Left Aortic Arch With Aberrant Right Subclavian Artery

The left aortic arch with aberrant right subclavian artery (LRSCA) is the most common congenital aortic arch anomaly, occurring in roughly 1 of every 200 people.[17] Since this vascular branching pattern is not associated with respiratory compromise, it is typically identified incidentally. When symptomatic, it is usually due to mass effect on the posterior esophagus causing "dysphagia lusoria" or difficulty swallowing. Chest x-rays may be normal or demonstrate subtle mediastinal widening. If a barium swallow is performed, an oblique region of mass effect may be seen along the course of the aberrant vessel as it compresses the posterior esophagus, extending superiorly from left to right. In symptomatic patients, surgical ligation of right ductus may be performed.

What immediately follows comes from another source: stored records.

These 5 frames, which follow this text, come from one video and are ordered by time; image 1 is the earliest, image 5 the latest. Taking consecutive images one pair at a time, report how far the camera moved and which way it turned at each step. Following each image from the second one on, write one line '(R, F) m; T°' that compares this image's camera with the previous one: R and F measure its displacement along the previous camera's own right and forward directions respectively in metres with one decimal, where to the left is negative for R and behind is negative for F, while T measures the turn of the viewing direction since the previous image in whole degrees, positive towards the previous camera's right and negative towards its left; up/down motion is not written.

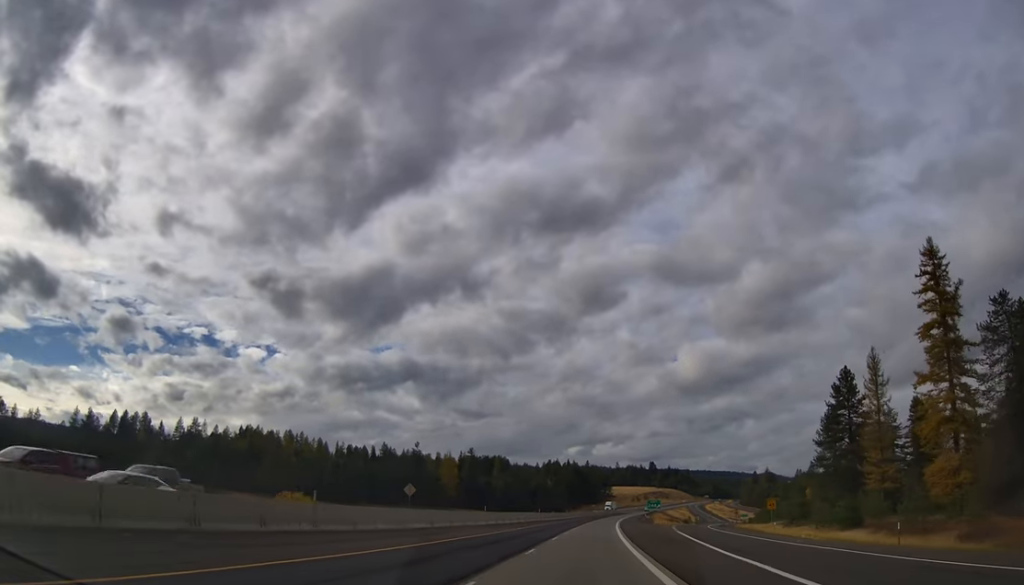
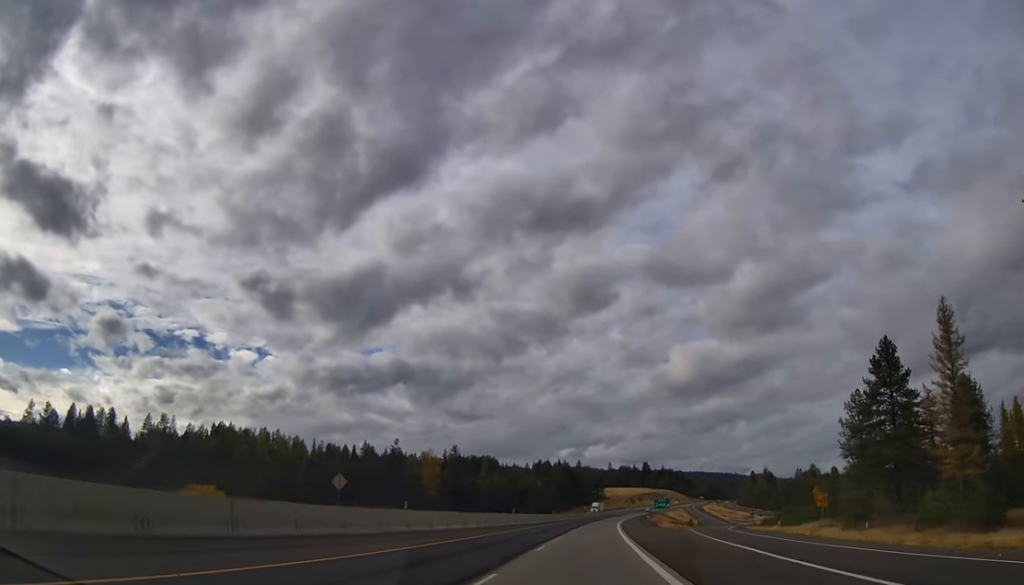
(+0.2, +22.5) m; 0°
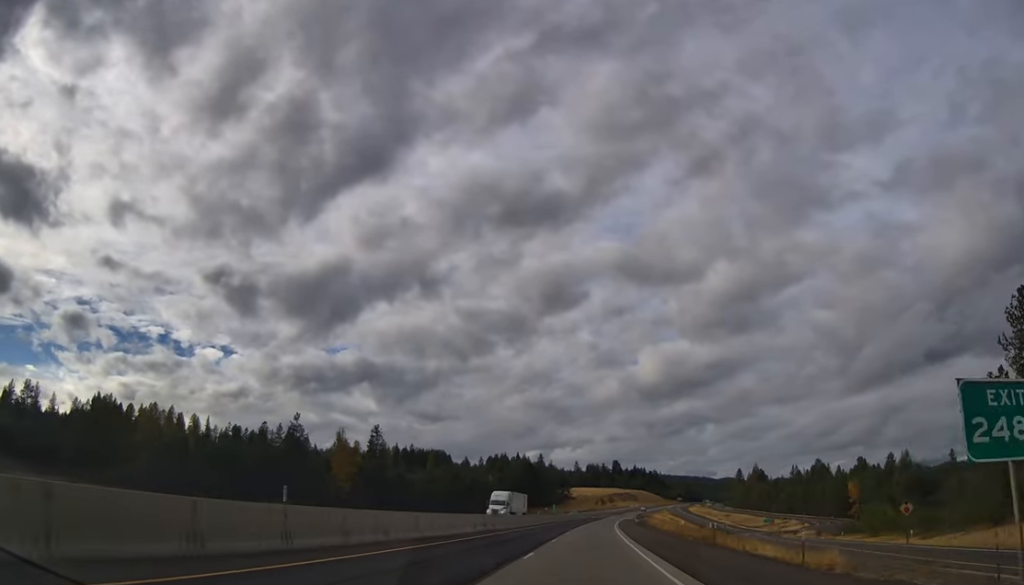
(+1.6, +77.2) m; +3°
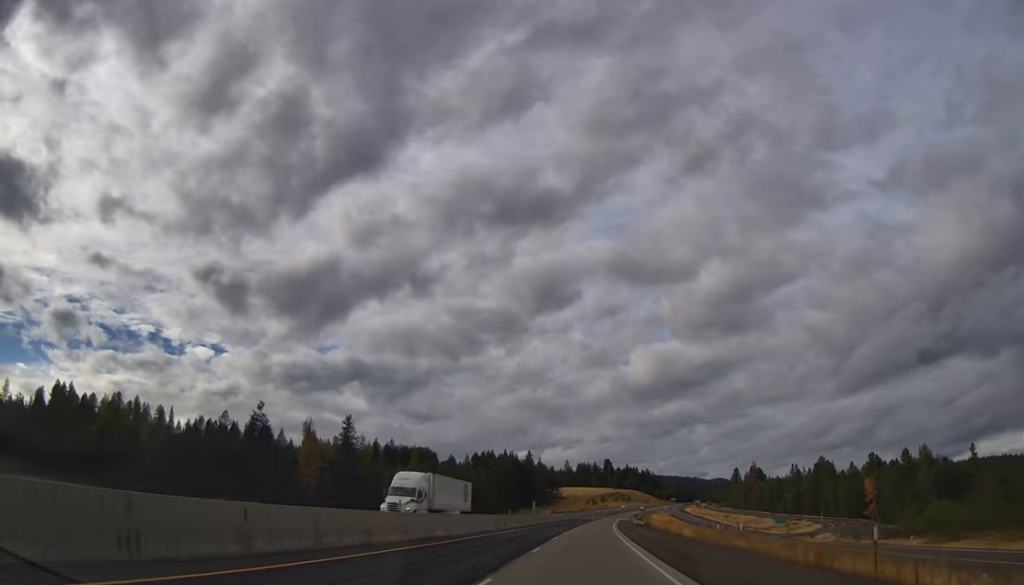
(0.0, +21.1) m; +1°
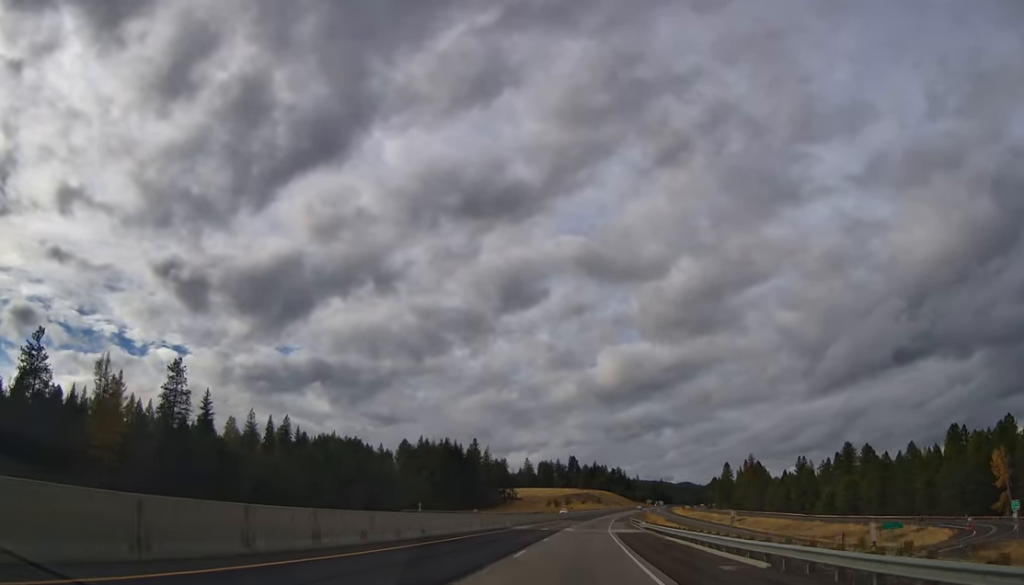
(+3.0, +86.5) m; +3°

Anomalous Origin of Left Pulmonary Artery

Commonly termed "pulmonary sling," this anomaly occurs when the left main pulmonary artery arises from the right main pulmonary artery rather than from the pulmonary trunk (Figure 6). The anomalous pulmonary artery traverses between the trachea and esophagus, producing mass effect along the anterior esophagus and the posterior trachea. Patients with this anomaly are often symptomatic, presenting with stridor, hypoxia, and often asymmetric lung aeration. There may be concomitant tracheal rings or tracheomalacia.

Figure 6.

6-month-old infant female with stridor. Axial CECT through the chest in soft-tissue mediastinal windows demonstrates a left pulmonary artery (arrow) arising from the right main pulmonary artery (black *) and coursing behind the trachea (white *). Findings are compatible with anomalous origin of left pulmonary artery, or "pulmonary sling."